Dompet digital berbeda dengan mata uang, karena porsinya hanya sebagai tempat penyimpanan. Sama halnya dengan penyimpanan di mobile banking yang disediakan tiap bank.
Bedanya, dompet digital yang lebih ‘kekinian’ bisa dipakai untuk melakukan banyak instrumen transaksi melalui satu pintu. Mulai dari memesan makanan, layanan transportasi, hingga berinvestasi di dalam satu aplikasi.
Sementara itu, Rupiah Digital merupakan uang yang benar-benar diterbitkan secara virtual dan disimpan melalui platform digital. Rupiah digital tidak bisa ditarik dalam bentuk fisik.
Struktur pencatatannya juga berbeda. Uang fisik, sekalipun yang disimpan dalam dompet digital, menggunakan metode pencatatan dengan sistem manual yang tersentralisasi.
Artinya, rekam jejak transaksi uang hanya bisa diketahui oleh otoritas yang mengeluarkan uang dan pihak yang melakukan transaksi.
Sementara itu, Rupiah digital menggunakan struktur tersentralisasi dan terdesentralisasi. Pencatatannya real-time dan lebih transparan, sehingga rekam jejak perpindahan uang bisa tercatat oleh sistem secara otomatis.
Hal ini dimungkinkan oleh penggunaan teknologi blockchain pada Rupiah Digital, sama seperti yang digunakan pada mata uang kripto. Bedanya, Rupiah Digital diterbitkan oleh otoritas keuangan yang sah, sehingga dilindungi hukum dan lebih aman.
Sementara itu, mata uang kripto yang beredar selama ini dikembangkan secara privat. Struktur pencatatannya benar-benar terdesentralisasi sepenuhnya, tetapi tidak transparan dari segi identitas nasabah.
Alhasil, meski pencatatan transaksi uang tercatat secara real-time, namun nilai uang cenderung volatile karena identitas nasabah bisa dibuat anonim.
Pengembangan secara privat tanpa campur tangan otoritas yang sah juga memungkinkan penerbitan kripto lebih dikontrol oleh algoritma.
Roadmap Rupiah Digital
Dalam paparannya, BI mengatakan pengembangan ekonomi dan keuangan digital (EKD) nasional bertujuan untuk mendukung pertumbuhan ekonomi yang berkelanjutan. Pemanfaatan teknologi akan meningkatkan volume dan frekuensi transaksi pembayaran digital.
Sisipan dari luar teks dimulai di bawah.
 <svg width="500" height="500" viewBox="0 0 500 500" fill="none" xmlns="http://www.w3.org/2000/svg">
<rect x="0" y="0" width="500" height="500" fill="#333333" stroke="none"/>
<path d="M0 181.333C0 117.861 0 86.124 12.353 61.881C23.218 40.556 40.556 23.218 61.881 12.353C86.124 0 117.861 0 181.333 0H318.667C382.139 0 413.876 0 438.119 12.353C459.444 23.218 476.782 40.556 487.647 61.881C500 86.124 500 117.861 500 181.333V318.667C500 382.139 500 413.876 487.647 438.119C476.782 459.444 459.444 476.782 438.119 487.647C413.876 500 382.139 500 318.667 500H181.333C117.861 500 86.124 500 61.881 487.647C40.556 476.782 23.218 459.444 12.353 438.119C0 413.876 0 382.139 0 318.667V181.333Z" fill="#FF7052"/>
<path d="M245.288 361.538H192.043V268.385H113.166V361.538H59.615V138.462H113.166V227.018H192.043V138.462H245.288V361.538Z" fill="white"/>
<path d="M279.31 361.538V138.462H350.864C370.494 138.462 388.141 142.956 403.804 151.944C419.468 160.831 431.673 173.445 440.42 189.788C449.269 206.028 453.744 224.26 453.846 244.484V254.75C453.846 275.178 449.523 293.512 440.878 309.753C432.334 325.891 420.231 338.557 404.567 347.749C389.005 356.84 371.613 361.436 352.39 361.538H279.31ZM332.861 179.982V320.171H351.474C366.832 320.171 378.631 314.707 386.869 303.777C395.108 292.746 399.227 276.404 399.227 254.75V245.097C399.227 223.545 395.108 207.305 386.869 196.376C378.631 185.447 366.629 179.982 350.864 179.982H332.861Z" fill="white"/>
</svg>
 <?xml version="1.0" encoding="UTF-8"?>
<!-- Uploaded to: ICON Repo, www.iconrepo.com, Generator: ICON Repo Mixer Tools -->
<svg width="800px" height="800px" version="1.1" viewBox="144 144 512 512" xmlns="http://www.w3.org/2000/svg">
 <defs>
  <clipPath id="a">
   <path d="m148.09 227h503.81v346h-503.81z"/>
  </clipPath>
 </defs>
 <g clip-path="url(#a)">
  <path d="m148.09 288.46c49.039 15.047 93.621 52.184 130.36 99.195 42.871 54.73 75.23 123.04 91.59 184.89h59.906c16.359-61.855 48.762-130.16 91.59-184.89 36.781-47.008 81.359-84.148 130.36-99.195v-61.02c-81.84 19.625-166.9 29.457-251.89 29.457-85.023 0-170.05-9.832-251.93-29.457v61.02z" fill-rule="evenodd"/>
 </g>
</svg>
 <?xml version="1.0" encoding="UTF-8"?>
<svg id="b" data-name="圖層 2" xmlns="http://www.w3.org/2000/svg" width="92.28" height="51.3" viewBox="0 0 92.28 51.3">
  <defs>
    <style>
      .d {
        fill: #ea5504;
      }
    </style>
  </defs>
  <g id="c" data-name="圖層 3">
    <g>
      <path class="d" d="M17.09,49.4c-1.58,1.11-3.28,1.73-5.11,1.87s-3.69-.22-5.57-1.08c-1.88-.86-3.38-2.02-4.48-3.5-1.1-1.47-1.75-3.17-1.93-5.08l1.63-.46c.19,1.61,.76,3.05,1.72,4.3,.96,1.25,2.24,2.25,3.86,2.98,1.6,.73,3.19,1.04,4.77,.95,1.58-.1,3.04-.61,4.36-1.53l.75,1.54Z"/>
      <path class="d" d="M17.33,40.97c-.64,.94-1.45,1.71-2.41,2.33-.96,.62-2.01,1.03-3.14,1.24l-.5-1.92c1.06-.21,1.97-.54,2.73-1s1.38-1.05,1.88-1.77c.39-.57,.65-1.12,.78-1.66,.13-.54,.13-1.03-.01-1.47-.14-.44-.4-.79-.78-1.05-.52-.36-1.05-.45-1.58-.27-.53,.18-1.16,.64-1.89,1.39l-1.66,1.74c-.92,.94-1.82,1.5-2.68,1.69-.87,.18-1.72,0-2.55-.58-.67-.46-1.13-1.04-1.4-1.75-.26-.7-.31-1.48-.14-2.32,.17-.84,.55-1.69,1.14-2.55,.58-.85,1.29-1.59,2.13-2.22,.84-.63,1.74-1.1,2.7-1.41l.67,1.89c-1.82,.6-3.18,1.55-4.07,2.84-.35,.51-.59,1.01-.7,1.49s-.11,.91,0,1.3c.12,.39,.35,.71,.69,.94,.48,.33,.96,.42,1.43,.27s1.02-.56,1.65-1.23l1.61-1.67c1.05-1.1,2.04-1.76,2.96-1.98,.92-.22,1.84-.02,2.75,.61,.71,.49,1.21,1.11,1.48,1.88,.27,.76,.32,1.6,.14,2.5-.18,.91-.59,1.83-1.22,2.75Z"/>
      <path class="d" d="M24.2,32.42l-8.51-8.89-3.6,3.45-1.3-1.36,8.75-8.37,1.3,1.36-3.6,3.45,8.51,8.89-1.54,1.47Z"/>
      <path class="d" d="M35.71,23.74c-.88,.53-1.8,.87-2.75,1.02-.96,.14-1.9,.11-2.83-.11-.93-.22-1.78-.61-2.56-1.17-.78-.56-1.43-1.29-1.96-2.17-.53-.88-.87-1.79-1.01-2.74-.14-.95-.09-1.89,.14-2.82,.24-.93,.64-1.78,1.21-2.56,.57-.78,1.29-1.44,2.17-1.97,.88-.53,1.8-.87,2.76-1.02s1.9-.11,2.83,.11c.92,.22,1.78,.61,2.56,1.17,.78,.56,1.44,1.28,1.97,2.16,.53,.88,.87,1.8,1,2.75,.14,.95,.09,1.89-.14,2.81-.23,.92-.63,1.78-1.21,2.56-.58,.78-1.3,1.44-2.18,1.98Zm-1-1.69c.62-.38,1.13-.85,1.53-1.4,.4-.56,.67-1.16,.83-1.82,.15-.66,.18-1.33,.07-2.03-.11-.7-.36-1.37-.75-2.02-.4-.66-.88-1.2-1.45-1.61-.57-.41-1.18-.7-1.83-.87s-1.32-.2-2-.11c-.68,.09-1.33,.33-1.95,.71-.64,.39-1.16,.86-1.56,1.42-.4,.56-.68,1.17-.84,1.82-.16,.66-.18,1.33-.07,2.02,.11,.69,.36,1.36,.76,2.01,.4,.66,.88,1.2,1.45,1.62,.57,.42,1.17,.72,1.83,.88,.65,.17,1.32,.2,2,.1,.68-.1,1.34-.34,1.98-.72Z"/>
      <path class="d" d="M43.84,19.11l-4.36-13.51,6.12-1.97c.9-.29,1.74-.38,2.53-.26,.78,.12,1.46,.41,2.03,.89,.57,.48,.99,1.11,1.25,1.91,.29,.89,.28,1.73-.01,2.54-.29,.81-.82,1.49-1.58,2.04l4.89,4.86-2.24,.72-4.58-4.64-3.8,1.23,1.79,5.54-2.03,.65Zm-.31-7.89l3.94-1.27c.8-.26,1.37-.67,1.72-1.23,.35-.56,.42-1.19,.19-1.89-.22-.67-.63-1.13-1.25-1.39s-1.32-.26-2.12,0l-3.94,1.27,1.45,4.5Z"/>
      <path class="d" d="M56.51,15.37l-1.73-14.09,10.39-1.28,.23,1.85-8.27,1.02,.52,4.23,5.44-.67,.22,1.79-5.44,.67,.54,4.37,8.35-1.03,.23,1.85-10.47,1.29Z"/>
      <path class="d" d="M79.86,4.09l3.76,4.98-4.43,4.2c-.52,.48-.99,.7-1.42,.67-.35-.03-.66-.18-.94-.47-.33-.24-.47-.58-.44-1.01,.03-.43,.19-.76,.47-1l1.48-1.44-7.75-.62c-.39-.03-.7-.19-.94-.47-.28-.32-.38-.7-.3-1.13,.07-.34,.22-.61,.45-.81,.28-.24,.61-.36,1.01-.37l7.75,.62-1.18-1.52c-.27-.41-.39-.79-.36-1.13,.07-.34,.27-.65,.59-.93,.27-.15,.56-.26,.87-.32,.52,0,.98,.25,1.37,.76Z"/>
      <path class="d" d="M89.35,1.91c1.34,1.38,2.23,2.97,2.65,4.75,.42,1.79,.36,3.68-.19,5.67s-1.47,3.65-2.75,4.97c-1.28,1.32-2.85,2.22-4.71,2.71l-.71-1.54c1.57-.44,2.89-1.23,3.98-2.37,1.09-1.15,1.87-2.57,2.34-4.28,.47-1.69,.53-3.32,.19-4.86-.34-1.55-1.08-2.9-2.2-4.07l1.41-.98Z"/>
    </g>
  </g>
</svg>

Selain itu, infrastruktur pembayaran dan pasar uang yang stabil, moden, aman, dan andal sesuai standar internasional juga bisa diimplementasikan.
Saat ini, BI tengah merumuskan proof of concept untuk penerbitan Rupiah Digital, setelah rancangan konsepnya dipublikasikan dan mendapat masukan dari industri dan masyarakat.
Model bisnis ‘wholesaler’ Rupiah Digital akan ditempuh, sehingga BI sebagai bank sentral akan lebih fokus pada penerbitan dan pengedaran mata uang virtual tersebut melalui Khazanah Digital Rupiah yang akan dibangun.
Lalu, pemanfaatan untuk transaksi ritel oleh masyarakat akan diserahkan kepada bank dan nonbank yang dipilih nantinya. Saat ini, BI juga melakukan kajian untuk pemilihan platform kompatibel.
Secara sederhana, pada tahap pertama, Proyek Garuda Rupiah Digital akan dimulai dengan ‘wholesale-CBDC’ untuk penerbitan, pemusnahan, dan transfer antar-bank.
Baca: Jack Ma Kasih Pesan Menohok ke Alibaba, Karyawan Kaget
Tahap kedua, wholesale-CBDC akan diperluas untuk mendukung operasi moneter dan pengembangan pasar keuangan.
Lalu, pada tahap ketiga, wholesale-CBDC akan berinteraksi dengan ritel-CBDC secara end-to-end atau dimanfaatkan oleh masyarakat umum dalam kebutuhan transaksi sehari-hari.